I had breakfast this week with my friend Ann. We walked in the rain over to Morning Glory, the sweet local bakery in an old house in town. We ordered our food, took our coffee and sat at one of the small tables. Ann was one of the women who started the Women’s Health Center, and we’d spent hours together drawing up forms for health histories, fundraising, commiserating, celebrating, and doing a really good job of taking care of women. It was grassroots health care at the time and we were proud of what we created. We talked about how hard it was to see what was becoming of all that work. Our health system seems to be crumbling. I told her about my plans for the next year. I told her I was looking forward to going back to Malawi next week, to working on the projects I care about there, and the travel we plan when we finish next June. But I told her I knew for sure I’d be back, that this was home. I told her about the feeling I had when I drove across the bridge. She said, “I know, right? It’s like that feeling you get when you crawl into your warm bed at night. Ah, I’m safe.” I laughed and said, “Exactly! That’s exactly the feeling!”

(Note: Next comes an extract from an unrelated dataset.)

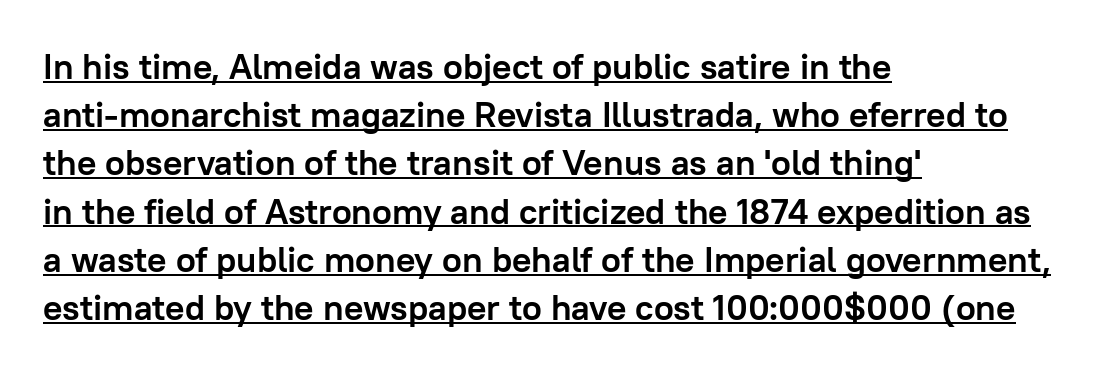
The face used here is proportionally spaced, like ordinary book or web type. These lines are composed in type without serifs. Look at the tracking — it's just the regular setting, nothing added. Horizontally, the lines are justified to the leading edge only. The passage shown is emphatically bold.

I thought of that feeling of safety. In my travels over the past month I’ve thought about how it feels to be alone in a strange place, especially as a woman. It’s something I’ve taken for granted, that I have to be extra careful as a woman traveling alone. And then I think, why should that be? Why should I be at particular risk just because of my gender? Why have I accepted this?
So I’m grateful for this clarity. I know where I feel safe. I’ve got a little more insight into work I need to focus on for gender equality and fairness. I’ve been blessed by the invitations I’ve had to present my experiences and energized by people’s reactions. I leave here today to head south for a few more talks and time with the kids, grandkids, and old friends. I’ll collect my car in New York, drive it back to Littleton, then Wednesday board a plane headed back to Malawi. The violence has subsided so I’m hoping I’ll be back in Blantyre by the end of the week. Three months flew! This will be my last post for awhile with reliable internet!